--- SOURCE INFORMATION ---
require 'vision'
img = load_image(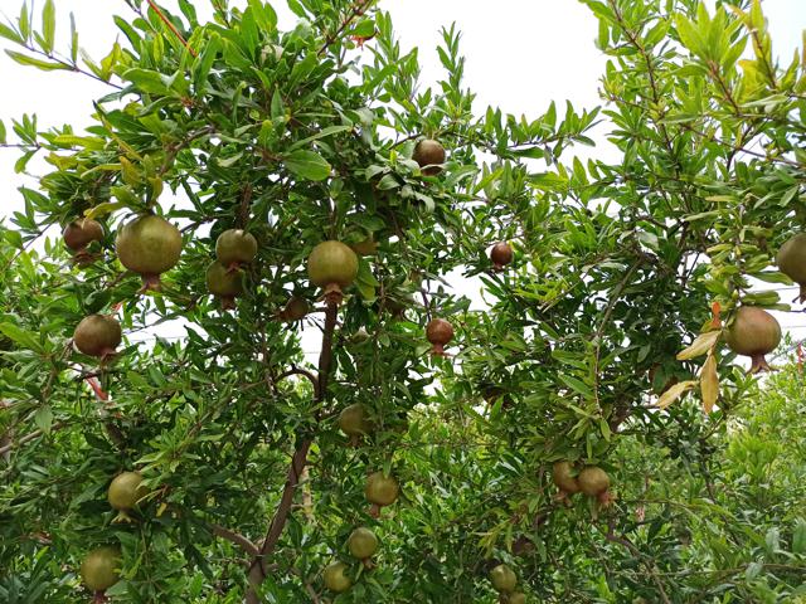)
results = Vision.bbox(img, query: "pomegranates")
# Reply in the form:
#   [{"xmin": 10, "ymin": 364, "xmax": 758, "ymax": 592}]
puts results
[
  {"xmin": 349, "ymin": 527, "xmax": 379, "ymax": 570},
  {"xmin": 107, "ymin": 471, "xmax": 151, "ymax": 525},
  {"xmin": 350, "ymin": 238, "xmax": 377, "ymax": 255},
  {"xmin": 366, "ymin": 469, "xmax": 399, "ymax": 518},
  {"xmin": 117, "ymin": 214, "xmax": 184, "ymax": 294},
  {"xmin": 63, "ymin": 218, "xmax": 106, "ymax": 263},
  {"xmin": 79, "ymin": 545, "xmax": 120, "ymax": 604},
  {"xmin": 324, "ymin": 560, "xmax": 353, "ymax": 593},
  {"xmin": 339, "ymin": 401, "xmax": 377, "ymax": 448},
  {"xmin": 214, "ymin": 228, "xmax": 257, "ymax": 276},
  {"xmin": 500, "ymin": 590, "xmax": 525, "ymax": 604},
  {"xmin": 285, "ymin": 297, "xmax": 309, "ymax": 320},
  {"xmin": 577, "ymin": 466, "xmax": 610, "ymax": 505},
  {"xmin": 307, "ymin": 239, "xmax": 359, "ymax": 305},
  {"xmin": 73, "ymin": 313, "xmax": 122, "ymax": 366},
  {"xmin": 724, "ymin": 305, "xmax": 782, "ymax": 374},
  {"xmin": 491, "ymin": 562, "xmax": 516, "ymax": 603},
  {"xmin": 776, "ymin": 232, "xmax": 806, "ymax": 306},
  {"xmin": 205, "ymin": 259, "xmax": 244, "ymax": 312},
  {"xmin": 552, "ymin": 461, "xmax": 582, "ymax": 506},
  {"xmin": 426, "ymin": 320, "xmax": 453, "ymax": 357},
  {"xmin": 412, "ymin": 140, "xmax": 445, "ymax": 176},
  {"xmin": 490, "ymin": 243, "xmax": 513, "ymax": 273}
]

--- PROBLEM DETAILS ---
The total of lines in the data that contain "results" is all you should give.

--- RESULT FOR THIS TASK ---
2